── Exercise input
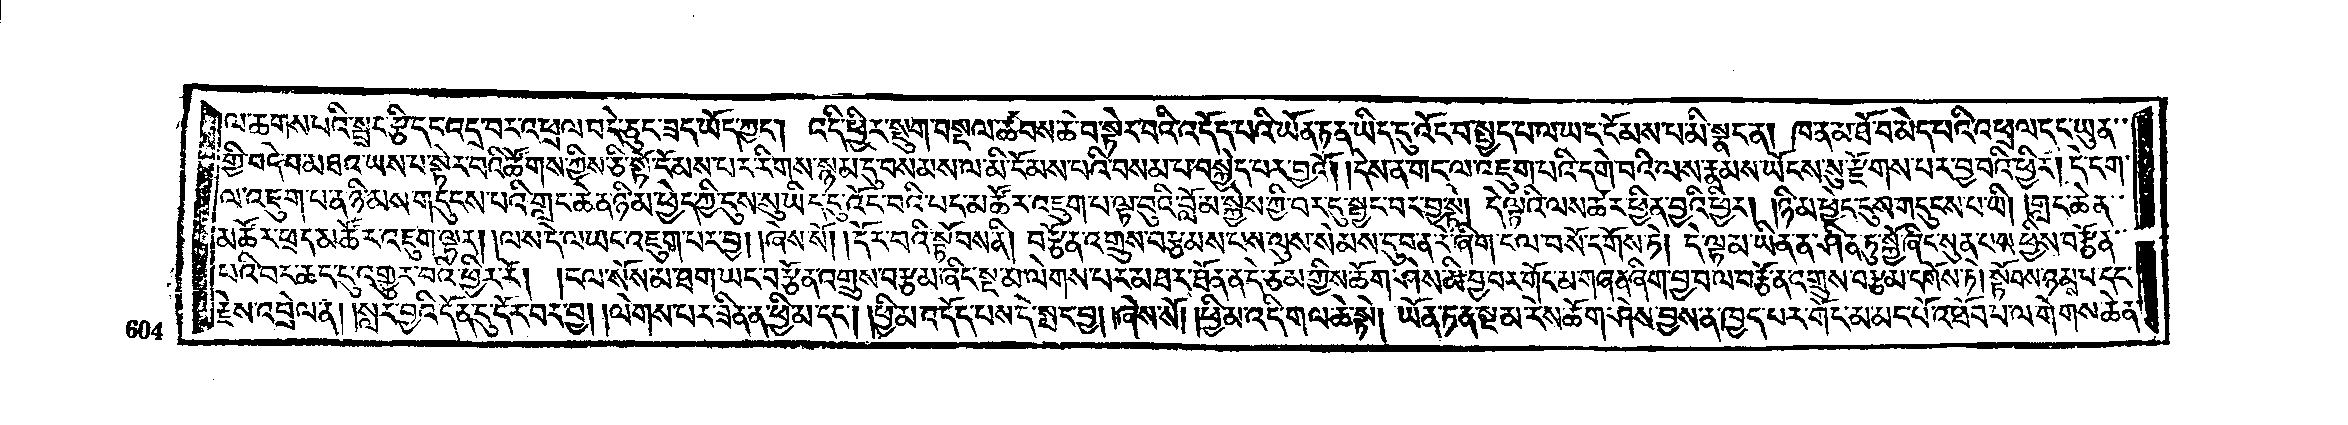ལ་ཆགས་པའི་སྦྲང་རྩི་དང་འདྲ་བར་འཕྲལ་བདེ་ཅུང་ཟད་ཡོད་ཀྱང་། འདི་ཕྱིར་སྡུག་བསྔལ་ཚབས་ཆེ་བ་སྟེར་བའི་འདོད་པའི་ཡོན་ཏན་ཡིད་དུ་འོང་བ་སྤྱད་པ་ལ་ཡང་ངོམས་པ་མི་སྣང་ན། ཁ་ན་མ་ཐོ་བ་མེད་པའི་འཕྲལ་དང་ཡུན་
གྱི་བདེ་བ་མཐའ་ཡས་པ་སྟེར་བའི་ཚོགས་ཀྱིས་ཅི་སྟེ་ངོམས་པར་རིགས་སྙམ་དུ་བསམས་ལ་མི་ངོམས་པའི་བསམ་པ་བསྐྱེད་པར་བྱའོ། །དེས་ན་གང་ལ་འཇུག་པའི་དགེ་བའི་ལས་རྣམས་ཡོངས་སུ་རྫོགས་པར་བྱ་བའི་ཕྱིར། དེ་དག་
ལ་འཇུག་པ་ན་ཉི་མས་གདུངས་པའི་གླང་ཆེན་ཉི་མ་ཕྱེད་ཀྱི་དུས་སུ་ཡིད་དུ་འོང་བའི་པད་མཚོར་འཇུག་པ་ལྟ་བུའི་བློ་མ་སྐྱེས་ཀྱི་བར་དུ་སྦྱང་བར་བྱ་སྟེ། དེ་ལྟའི་ལས་ཚར་ཕྱིན་བྱའི་ཕྱིར། །ཉི་མ་ཕྱེད་དུས་གདུངས་པ་ཡི། །གླང་ཆེན་
མཚོར་ཕྲད་མཚོར་འཇུག་ལྟར། །ལས་དེ་ལ་ཡང་འཇུག་པར་བྱ། །ཞེས་སོ། །དོར་བའི་སྟོབས་ནི། བརྩོན་འགྲུས་བརྩམས་པས་ལུས་སེམས་དུབ་ན་རེ་ཞིག་ངལ་བསོ་དགོས་ཏེ། དེ་ལྟ་མ་ཡིན་ན་ཤིན་ཏུ་སྐྱོ་ཞིང་སུན་པས་ཕྱིས་བརྩོན་
པའི་བར་ཆད་དུ་འགྱུར་བའི་ཕྱིར་རོ། །ངལ་སོས་མ་ཐག་ཡང་བརྩོན་འགྲུས་བརྩམ་ཞིང་སྔ་མ་ལེགས་པར་མཐར་ཐོན་ན་དེ་ཙམ་གྱིས་ཆོག་ཤེས་མི་བྱ་བར་གོང་མ་གཞན་ཞིག་བྱ་བ་ལ་བརྩོན་འགྲུས་བརྩམ་དགོས་ཏེ། སྟོབས་ཉམས་པ་དང་
རྗེས་འབྲེལ་ན། །སླར་བྱའི་དོན་དུ་དོར་བར་བྱ། །ལེགས་པར་ཟིན་ན་ཕྱི་མ་དང་། །ཕྱི་མ་འདོད་པས་དེ་སྤང་བྱ། །ཞེས་སོ། །ཕྱི་མ་འདི་གལ་ཆེ་སྟེ། ཡོན་ཏན་སྔ་མ་རེས་ཆོག་ཤེས་བྱས་ན་ཁྱད་པར་གོང་མ་མང་པོ་འཐོབ་པ་ལ་གེགས་ཆེན་
────
Exercise goal:
Beginning with the line that contains "མཚོར་ཕྲད་མཚོར་འཇུག་ལྟར། །ལས་དེ་ལ་ཡང་འཇུག་པར་བྱ། །ཞེས་སོ།", output each line of the listing above through the last one, exactly and with nothing added.

Output below:
མཚོར་ཕྲད་མཚོར་འཇུག་ལྟར། །ལས་དེ་ལ་ཡང་འཇུག་པར་བྱ། །ཞེས་སོ། །དོར་བའི་སྟོབས་ནི། བརྩོན་འགྲུས་བརྩམས་པས་ལུས་སེམས་དུབ་ན་རེ་ཞིག་ངལ་བསོ་དགོས་ཏེ། དེ་ལྟ་མ་ཡིན་ན་ཤིན་ཏུ་སྐྱོ་ཞིང་སུན་པས་ཕྱིས་བརྩོན་
པའི་བར་ཆད་དུ་འགྱུར་བའི་ཕྱིར་རོ། །ངལ་སོས་མ་ཐག་ཡང་བརྩོན་འགྲུས་བརྩམ་ཞིང་སྔ་མ་ལེགས་པར་མཐར་ཐོན་ན་དེ་ཙམ་གྱིས་ཆོག་ཤེས་མི་བྱ་བར་གོང་མ་གཞན་ཞིག་བྱ་བ་ལ་བརྩོན་འགྲུས་བརྩམ་དགོས་ཏེ། སྟོབས་ཉམས་པ་དང་
རྗེས་འབྲེལ་ན། །སླར་བྱའི་དོན་དུ་དོར་བར་བྱ། །ལེགས་པར་ཟིན་ན་ཕྱི་མ་དང་། །ཕྱི་མ་འདོད་པས་དེ་སྤང་བྱ། །ཞེས་སོ། །ཕྱི་མ་འདི་གལ་ཆེ་སྟེ། ཡོན་ཏན་སྔ་མ་རེས་ཆོག་ཤེས་བྱས་ན་ཁྱད་པར་གོང་མ་མང་པོ་འཐོབ་པ་ལ་གེགས་ཆེན་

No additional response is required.